MATERIAL PROVIDED:
=== Begin Enclosure ===
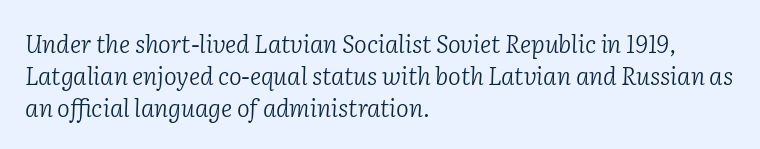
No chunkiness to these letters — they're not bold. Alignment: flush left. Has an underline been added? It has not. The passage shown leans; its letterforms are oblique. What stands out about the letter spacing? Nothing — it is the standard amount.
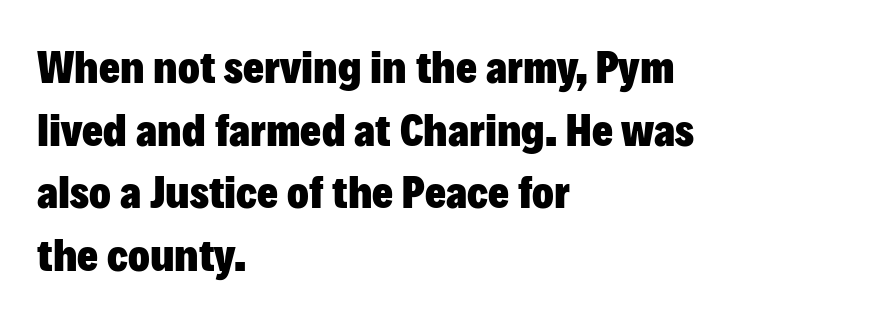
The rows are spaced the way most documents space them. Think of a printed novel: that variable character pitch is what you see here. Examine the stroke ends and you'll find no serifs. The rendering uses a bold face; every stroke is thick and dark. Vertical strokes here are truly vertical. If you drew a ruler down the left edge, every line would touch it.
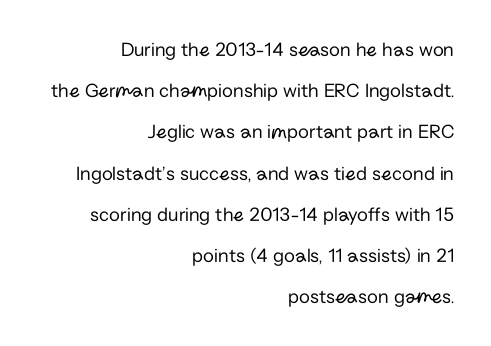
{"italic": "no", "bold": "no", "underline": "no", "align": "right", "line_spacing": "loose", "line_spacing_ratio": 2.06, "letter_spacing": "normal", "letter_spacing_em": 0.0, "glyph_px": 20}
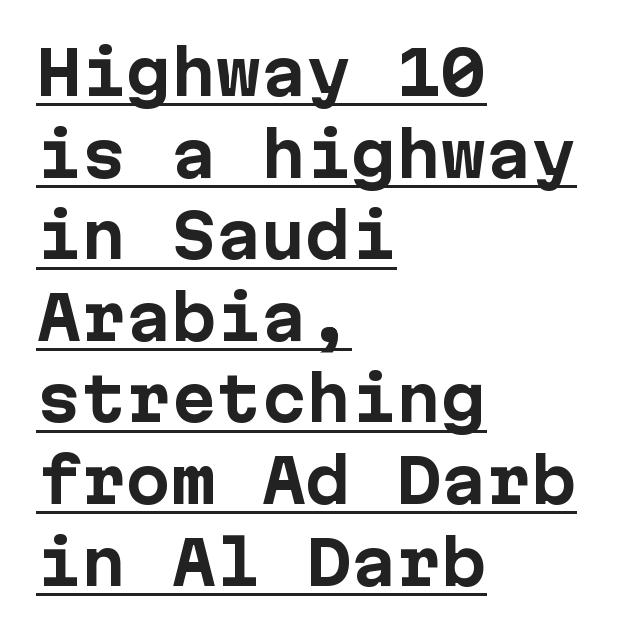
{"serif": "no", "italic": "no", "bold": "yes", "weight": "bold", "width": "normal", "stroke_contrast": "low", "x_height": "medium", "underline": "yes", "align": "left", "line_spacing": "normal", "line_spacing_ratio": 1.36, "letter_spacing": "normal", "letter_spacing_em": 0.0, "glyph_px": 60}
=== End Enclosure ===
REQUIRED WORK: Where images occur in the data above, leave them out and repeat everything else exactly.

EXERCISE SOLUTION:
No chunkiness to these letters — they're not bold. Alignment: flush left. Has an underline been added? It has not. The passage shown leans; its letterforms are oblique. What stands out about the letter spacing? Nothing — it is the standard amount.
The rows are spaced the way most documents space them. Think of a printed novel: that variable character pitch is what you see here. Examine the stroke ends and you'll find no serifs. The rendering uses a bold face; every stroke is thick and dark. Vertical strokes here are truly vertical. If you drew a ruler down the left edge, every line would touch it.
{"italic": "no", "bold": "no", "underline": "no", "align": "right", "line_spacing": "loose", "line_spacing_ratio": 2.06, "letter_spacing": "normal", "letter_spacing_em": 0.0, "glyph_px": 20}
{"serif": "no", "italic": "no", "bold": "yes", "weight": "bold", "width": "normal", "stroke_contrast": "low", "x_height": "medium", "underline": "yes", "align": "left", "line_spacing": "normal", "line_spacing_ratio": 1.36, "letter_spacing": "normal", "letter_spacing_em": 0.0, "glyph_px": 60}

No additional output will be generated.